Automated balenalib base image smoke testing with GitLab runners

Hi everyone! Since making the GitLab runner on balena devices for continuous integration testing project, I was trying to find a way to put it to some good use. Brainstorming from issues I’ve seen while on support, I thought it would be useful to do a “smoke test” of some of our common base images, to try catching issues that slip through.

Our team makes a lot of base images, as you can tell it from our base image documentation and this earlier blogpost:

In that numbers are both internal and external complexities, such as this sudden change in Debian Jessie, or system and balena-provided Python mixup breaking one of our projects. We are fixing these and improving for the future, but it would be good to catch them earlier.


To do just that, I’ve set up this project:

which has GitLab CI tests, and set up a small test cluster of a Raspberry Pi 1 and 3 devices to provide testing infrastructure (maybe more in the future).


The test definitions in .gitlab-ci.yml go through a bunch of images at this moment 30 different ones across Debian/Alpine/Fedora/Ubuntu and Python/Node.js/Go combinations, multiplied by the device types.

The tests themselves are somewhat limited at the moment but should be already helpful:

  • Check if the OS is what it claims to be
  • Check if package install works
  • Check if language versions is the same as it claims to be
  • Check if a “hello world” project is successfully installed/compiled/run for each language

(You can see the tests in the relevant .sh files in the repository, starting from

All of these are set up with such CI tags, that they are sent to actual physical hardware, managed on balenaCloud:

The test run lineup looking something like this:

The tests are also set up to run on a schedule, 4AM London time each day currently:

Here’s an example run, which for example highlighted that: a) some Node 12 images are not yet generated, b) some images are not yet fixed a Python executable symlinking issue that happened recently. I expect both of these tests succeed in the next few days.

This is all part of the learning and improvements.

Challenges and Future

Would love to add more tests, and should choose meaningful ones (meaningful device types, OS versions, cover all the language stacks we have (so add OpenJDK and .Net). The Gitlab interface seems to start to struggle by ~100 tests or so, maybe it will need some different ideas, how can one tests handle multiple images, I guess. Also should add more thorough test cases, if you have any ideas, please leave a suggestion!

For the AMD64 tests I’m using GitLab’s own runners, which makes those tests very quick, but planning to replace them with a Intel NUC runner set up alongside the Pis, to have complete internal coverage.

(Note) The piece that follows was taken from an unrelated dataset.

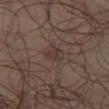biopsy status: no biopsy performed (imaged during a skin exam) | patient: male, approximately 65 years of age | illumination: cross-polarized illumination | lesion size: ~3 mm (longest diameter) | site: the leg | image: 15 mm crop, total-body photography.

One challenge I encountered, that parsing our base image names is not very straightforward, even if the explanation is relatively simple. This resulted in some fun scripting to handle. Also there are a few nuances of what hardware/architecture has which OS and language versions available for which device type (for example Raspberry Pi 1 not having Ubuntu and Fedora images). Dogfooding our own tools is very useful to see where usability issues are, and there are definitely a lot of improvements we can do that warrants further discussion.

What do you think? Any feedback is appreciated!

1 Like

Nice work Gergely! :nerd_face:

@imrehg This looks great. It’s something I’ve been struggling with myself recently!

I’m excited to learn from this and try it out. :+1:

Over the weekend adde openJDK and .NET base images as well, and expanded “a bit” from ~90 base images being tested to ~460. Found some interesting issues that we are looking into. Also added a few more devices to the test rig, as the test rounds started to take upwards of 8 hours to run. Let’s see if we can make that a bit snappier. Also fixed a few issues that this heavy use uncovered in the GitLab runners, thus now there’s better garbage collection for example.

Let’s see what else to tackle next… :slight_smile:

1 Like

Now we’ve added 32-bit x86 builders (some Intel Edison boards that we had around), so we are now covering all the main architectures, and with this we are at more than 500 different base images being tested each day automatically.

This 32-bit builder setup needed some code changed / forks / rebuild / Docker Hub push for the balena-gitlab-builder project, more details in the other forum post.

For reference, this is our current setup below. Next, we should really house them much nicer, this is just not fitting for this project, but it was a proof of concept that grew, so there’s that… :stuck_out_tongue:

1 Like

@imrehg I finally had a chance to try out this project tonight – so cool! :smile:

I made a quick fork to test out a few of my Swift base images. I’m excited to see where this goes and I’m hoping to explore more this weekend.